My problem with this is that there were some other changes between the B-2 and the B-10. Some were subtle and some not so subtle but somehow the change in the wing gets all the credit (blame).
Changes between the B-10 to the B-25B-2 include:
Larger cowling intakes for new engines*
Four added .50 cal machine guns- two added .50 cal to fuselage side hatches, one .50 cal added to nose, two package .50 cal added*.
Ventral .50 cal machine gun removed
Various internal mods
- automatic life raft ejector
- Day and night drift signals (?)
- Inclinometer
- Astrocompass
- Astrograph
- New Starter
- Winterization equipment (?)
- Lengthened nose wheel strut
- Mechanically operated gear doors (?)
Slotted flaps
Rudder/vertical stabilizer increase*
* Changes that affect aerodynamic performance not including wing span increase . It is my opinion that all these changes put together would have an almost imperceptible impact to the overall form drag of the B-26.
Wing span extension from 65 to 71 feet,
Empty weight increased from 22,380 lbs to 24,000 lbs, or 1600 lbs. I would guess that the non-wing extension weight increases as between 200-300 lbs (the entire tail structure of the P-47 was 250lbs) which would make the wing extension 1300-1400 lbs.
There were a bunch of changes between the B-26/A and the B-26B-2 that also cost speed.
engine on a B-26A
I was not interested in the B-26A, I was interested in two aircraft configurations that were close but with different wings in order to isolate the performance degradation of the wing extension alone. The B-26B-2, represented all the configurations prior, and the B-26B-10, which is basically the base for follow on models. And, I had flight test results of these two aircraft.
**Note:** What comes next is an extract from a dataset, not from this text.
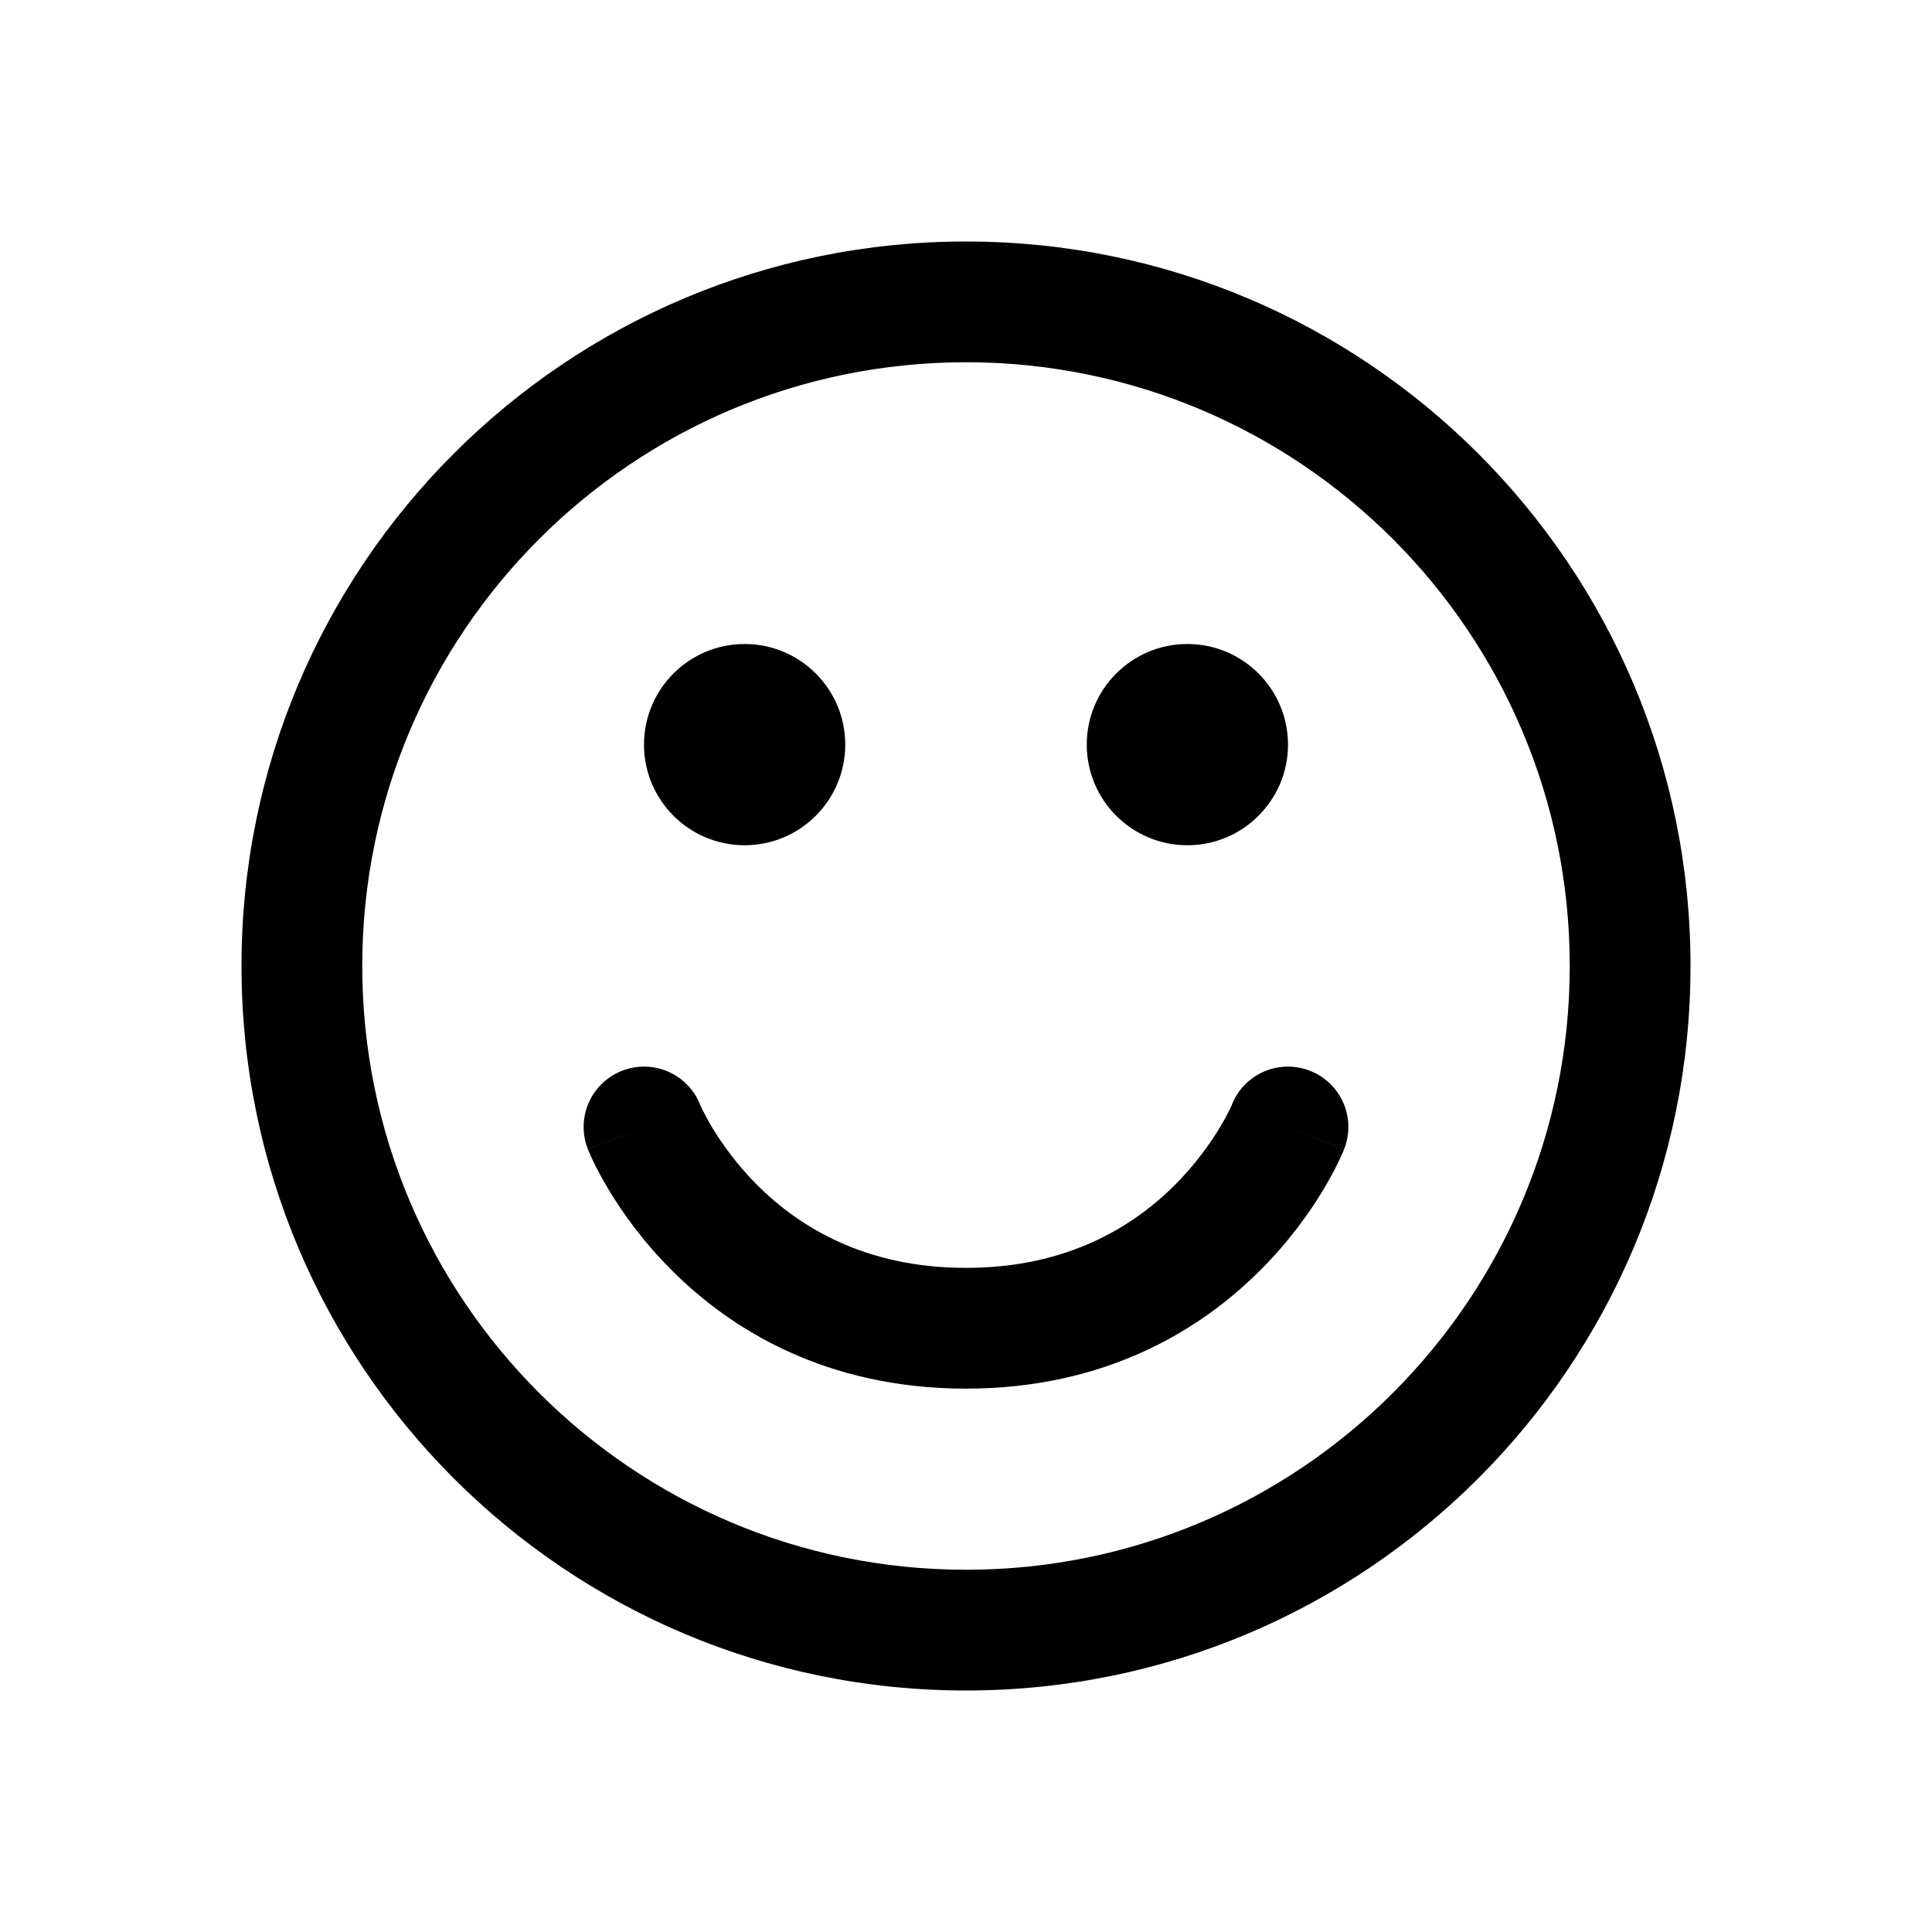 <svg width="24" height="24" viewBox="0 0 24 24" fill="none" xmlns="http://www.w3.org/2000/svg">
<path fill-rule="evenodd" clip-rule="evenodd" d="M4.5 12C4.5 7.858 7.858 4.5 12 4.5C16.142 4.5 19.5 7.858 19.5 12C19.5 16.142 16.142 19.5 12 19.5C7.858 19.5 4.5 16.142 4.5 12ZM12 3C7.029 3 3 7.029 3 12C3 16.971 7.029 21 12 21C16.971 21 21 16.971 21 12C21 7.029 16.971 3 12 3ZM9.25 10.5C9.94 10.5 10.5 9.94 10.5 9.25C10.5 8.56 9.94 8 9.25 8C8.56 8 8 8.56 8 9.25C8 9.94 8.56 10.5 9.25 10.5ZM16 9.25C16 9.94 15.44 10.5 14.75 10.5C14.06 10.5 13.5 9.94 13.5 9.25C13.5 8.56 14.06 8 14.75 8C15.44 8 16 8.56 16 9.25ZM8.699 13.726L8.695 13.718L8.695 13.717C8.539 13.335 8.105 13.15 7.722 13.304C7.337 13.457 7.15 13.894 7.304 14.278L8 14C7.304 14.278 7.304 14.279 7.304 14.279L7.304 14.28L7.305 14.282L7.307 14.286L7.311 14.297C7.315 14.306 7.32 14.317 7.326 14.33C7.337 14.357 7.353 14.392 7.374 14.435C7.416 14.521 7.477 14.638 7.56 14.777C7.725 15.052 7.98 15.416 8.345 15.78C9.083 16.519 10.266 17.25 12 17.25C13.734 17.25 14.917 16.519 15.655 15.78C16.02 15.416 16.275 15.052 16.44 14.777C16.523 14.638 16.584 14.521 16.626 14.435C16.647 14.392 16.663 14.357 16.675 14.33C16.68 14.317 16.685 14.306 16.689 14.297L16.693 14.286L16.695 14.282L16.696 14.28L16.696 14.279C16.696 14.279 16.696 14.278 16 14L16.696 14.278C16.85 13.894 16.663 13.457 16.279 13.304C15.895 13.15 15.461 13.335 15.305 13.717L15.302 13.726C15.297 13.736 15.289 13.755 15.277 13.78C15.252 13.83 15.212 13.909 15.154 14.005C15.038 14.198 14.855 14.459 14.595 14.72C14.083 15.231 13.266 15.75 12 15.75C10.734 15.75 9.917 15.231 9.405 14.72C9.145 14.459 8.963 14.198 8.846 14.005C8.789 13.909 8.748 13.83 8.724 13.78C8.711 13.755 8.703 13.736 8.699 13.726Z" fill="black"/>
</svg>

The Spinners went away on the very early Bs. The oil cooler inlets got bigger, On the B-3s the air intakes got much bigger in order to accommodate sand filters. Now if the four package guns cost 3-5mph (or 3% of range, sources differ) what did all the changes to the engine installation cost?
Neither the B-26B-2 nor the -10 tested had spinners. Also, apparently the -10 only had two package guns, per Mendenhall's Deadly Duo.
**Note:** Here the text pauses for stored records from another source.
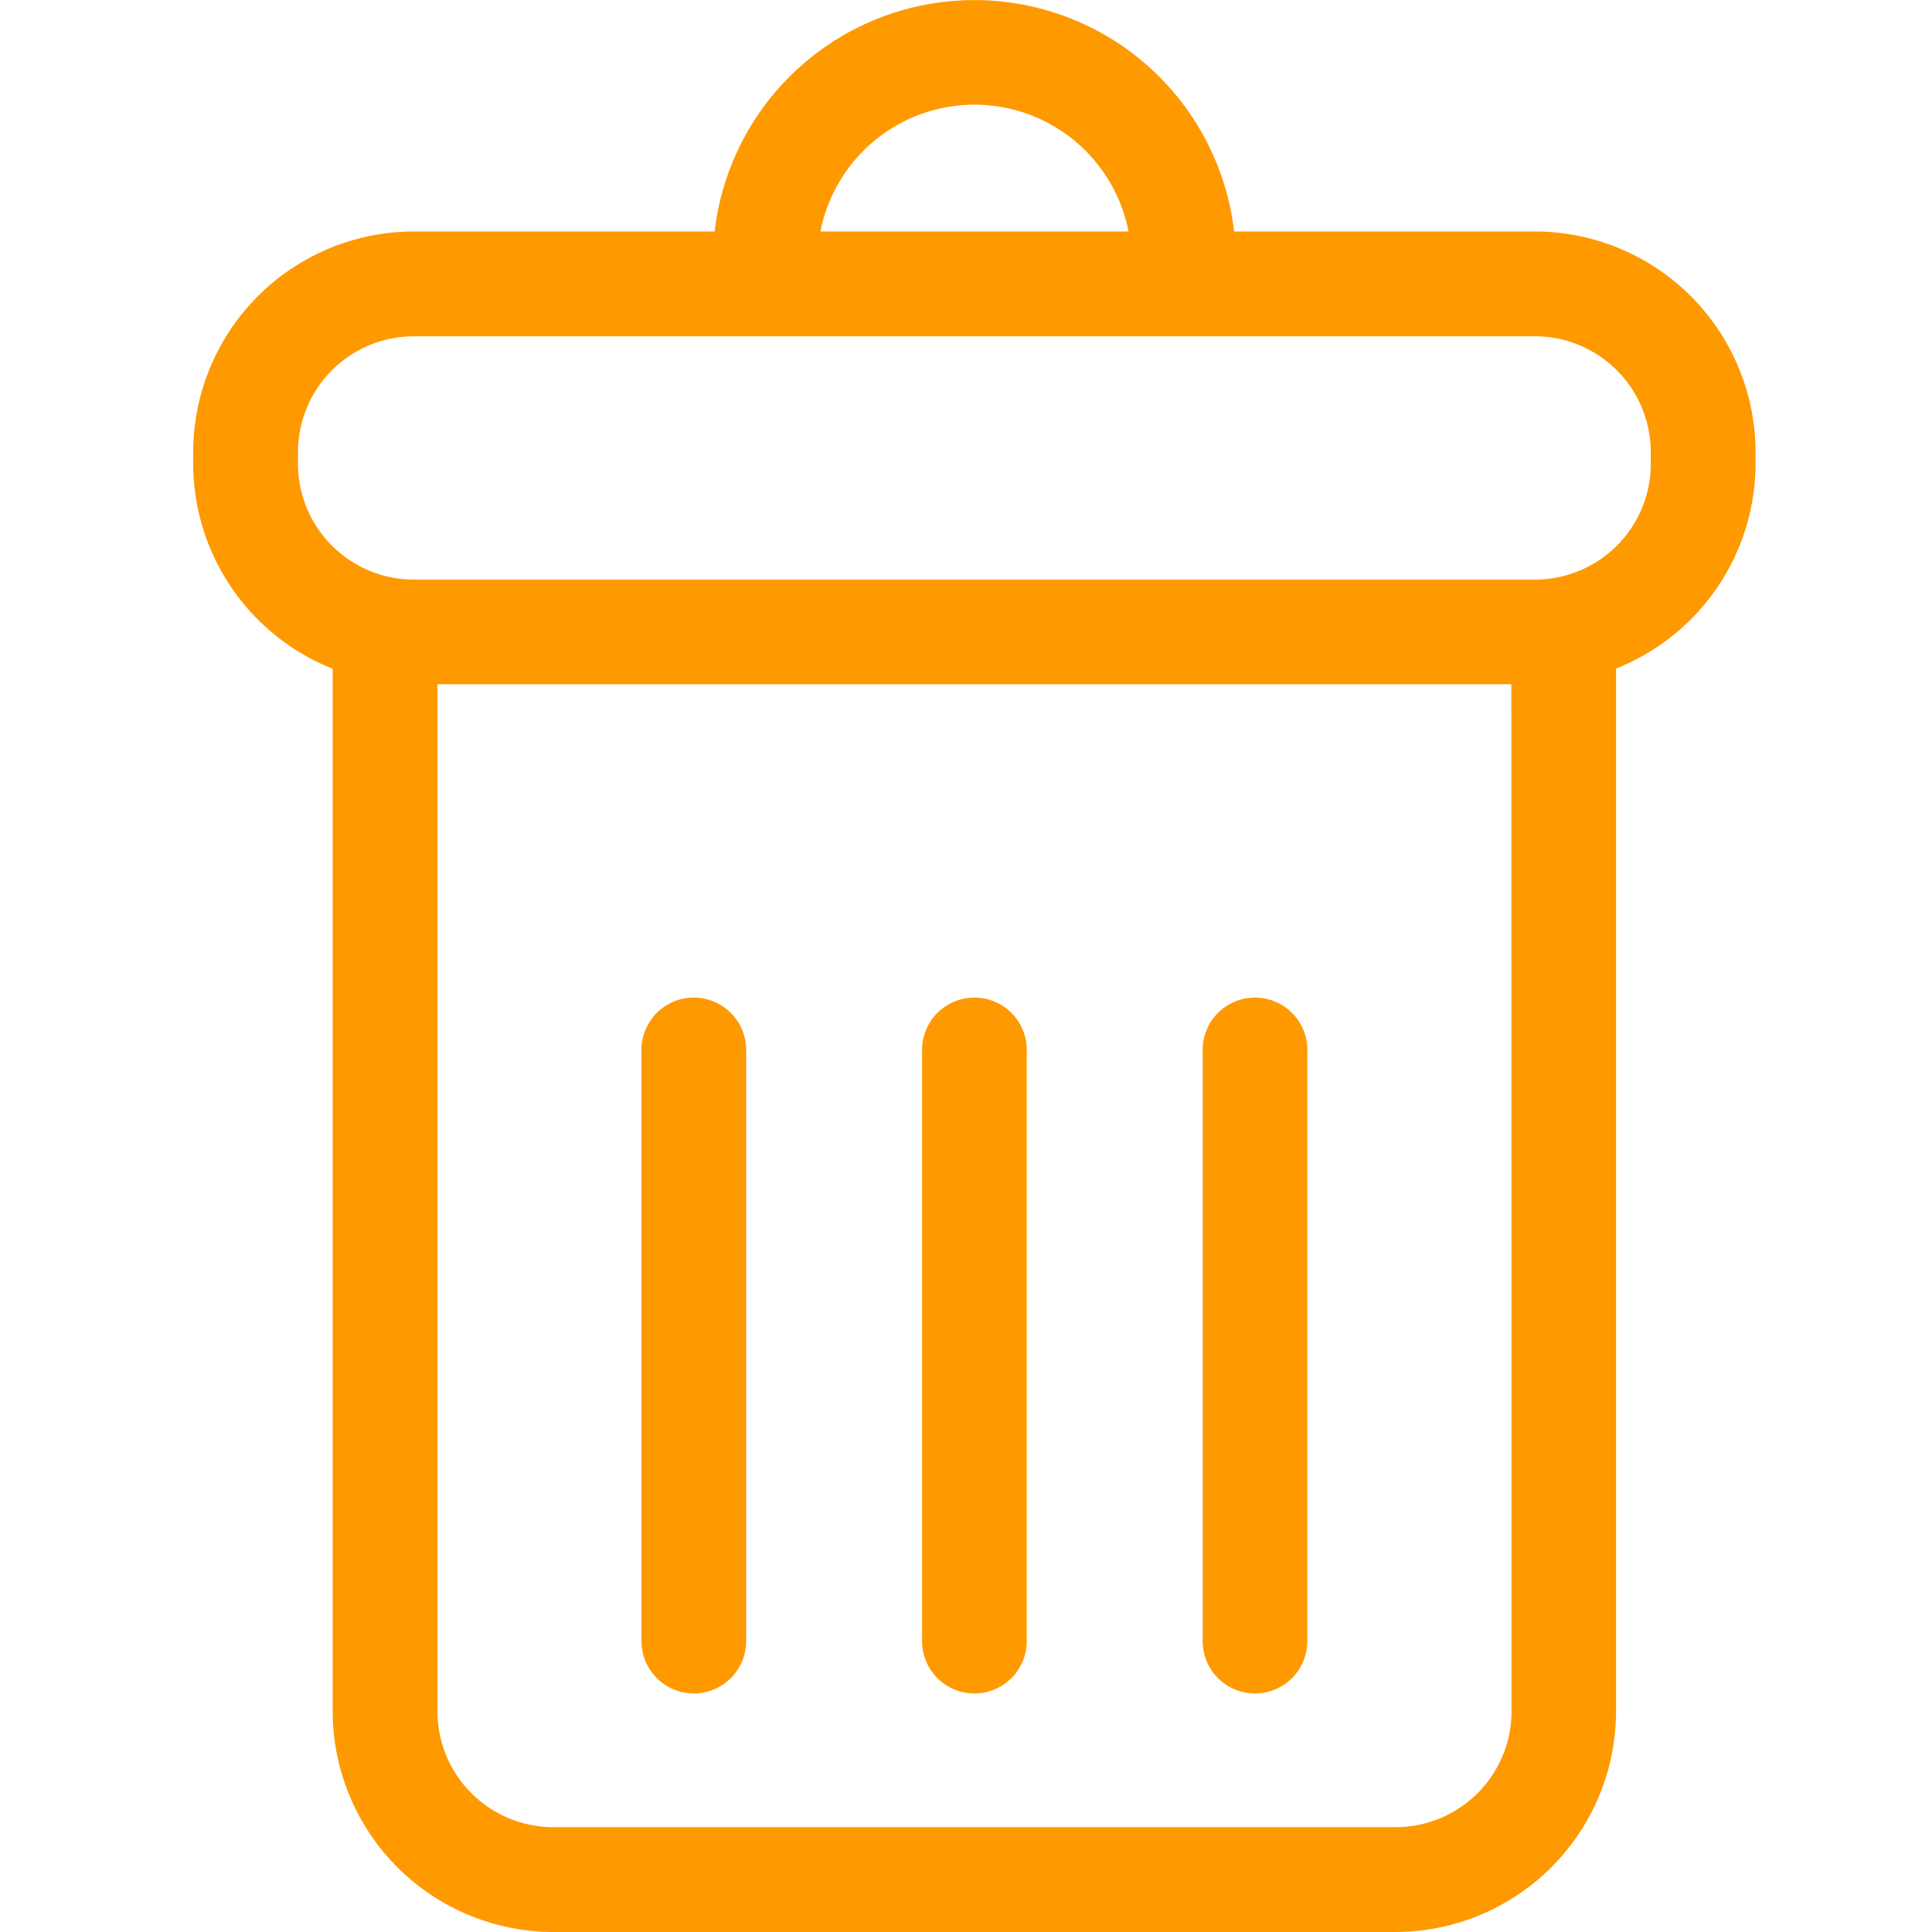 <svg xmlns="http://www.w3.org/2000/svg" viewBox="0 0 30 30">
  <g id="Group_994" data-name="Group 994" transform="translate(-229 -464)">
    <g id="delete-button" transform="translate(232 464)">
      <g id="Group_308" data-name="Group 308">
        <path fill="#FF9900" id="Path_192" data-name="Path 192" d="M66.988,3.594h-4.67a4.06,4.06,0,0,0-8.066,0h-4.67a3.431,3.431,0,0,0-3.427,3.427V7.2a3.431,3.431,0,0,0,2.166,3.184V26.573A3.431,3.431,0,0,0,51.748,30H64.822a3.431,3.431,0,0,0,3.427-3.427V10.381A3.431,3.431,0,0,0,70.415,7.2V7.022A3.431,3.431,0,0,0,66.988,3.594Zm-8.7-1.969a2.44,2.44,0,0,1,2.391,1.969H55.895A2.439,2.439,0,0,1,58.285,1.625Zm8.338,24.947a1.8,1.8,0,0,1-1.8,1.8H51.748a1.8,1.8,0,0,1-1.8-1.8V10.625H66.623ZM68.789,7.2a1.8,1.8,0,0,1-1.8,1.8H49.582a1.8,1.8,0,0,1-1.8-1.8V7.022a1.8,1.8,0,0,1,1.8-1.8H66.988a1.8,1.8,0,0,1,1.8,1.8V7.2Z" transform="translate(-46.155 0)"/>
        <path fill="#FF9900" id="Path_193" data-name="Path 193" d="M158.888,260.347a.813.813,0,0,0,.813-.813v-9.151a.813.813,0,1,0-1.625,0v9.151A.813.813,0,0,0,158.888,260.347Z" transform="translate(-151.115 -234.051)"/>
        <path fill="#FF9900" id="Path_194" data-name="Path 194" d="M228.958,260.347a.813.813,0,0,0,.813-.813v-9.151a.813.813,0,1,0-1.625,0v9.151A.813.813,0,0,0,228.958,260.347Z" transform="translate(-216.828 -234.051)"/>
        <path fill="#FF9900" id="Path_195" data-name="Path 195" d="M299.027,260.347a.813.813,0,0,0,.813-.813v-9.151a.813.813,0,1,0-1.625,0v9.151A.813.813,0,0,0,299.027,260.347Z" transform="translate(-282.54 -234.051)"/>
      </g>
    </g>
    <rect id="Rectangle_1363" data-name="Rectangle 1363" width="30" height="30" transform="translate(229 464)" fill="none" opacity="0.305"/>
  </g>
</svg>

Please notice that the vertical stabilizer and rudder grew about 1ft 6in from the small wing to the big wing.
I haven't seen what this cost in speed and it may be lumped in the cost of the big wing.
It is said that the larger fin and rudder were needed to stabilize the bigger wing but I am at least somewhat sure that having a bigger fin and rudder helped in an engine out situation.
At some point the horizontal stabilizer and elevators got bigger too, but I don't know when.
Don't know much about this. I think the added size of the vertical stabilizer, or the package guns, would be very small relative to the form drag of a pretty large bomber.
A problem with a B-26 doing a 300 mile deep penetration strike (or even a 150 mile radius in enemy territory) is the amount of fuel required. A B-26 used 350-400 gallons an hour at max continuous depending altitude/supercharger gear and so on. Backing down to 75% power gets you (at least on the very early B-26) a cruise of just under 280mph at 8,000ft while burning around 270-290 gallons an hour. IF for instance you drop bombs at 250 miles from base and you figure 150 miles of that is enemy territory then you need about 200 gallon at bombs gone (cruise can be dropped to around 200mph and a fuel burn of close to 100gph once in friendly territory) and this means entering enemy territory with at least 350 gallons in the tanks. Now please note this takes into account NO deviations in flight path (even a several mile turn around at the target), NO reserves , Runway is lined up with the target and NO use of power above 75% even for 1 minute.
I don't really want to dig into this and, knowing you, I doubt if I could identify an error. However, the salient point is that the B-26B-2 has a lower drag value than the B-26B-10. Therefore, for any given mission, the B-26B-2, vs. the -10, could fly at the same speed with less power therefore use less fuel, therefore more bombload? Or could fly the same mission with the same power setting and fly faster. And since it will fly the mission faster at the same power level, it would use less fuel, therefore more bombload?
Test at approx.
5k ft.
B-26B-2, AC 41-17756,
airspeed 281 mph,
1400 hp/eng,, test weight
29,860 lbs
B-26B-10, AC 41-18199, airspeed
250 mph,
1400 hp/engine est. (247mph/1325hp), wt
30,780 lbs
Notes: Since the added wing span is most likely over 1,000 lbs, the two test weights should represent identical load carry capacity.
Miscellaneous issues mentioned above, and a few others including cowl flaps have an impact on these test. Including these, I estimated the difference in airspeed at 5000 ft, 1400 hp power setting and equivalent weight to be
reduced from 31 mph to 20 mph.
If any modification, e.g. electro-hydraulic tail gun, to the -10 that led to later configurations up to B-25C were applied to the -2 configuration, i.e. short wing, the results would be the same in that the -2 configuration would be faster at the same power levels just because it was just cleaner.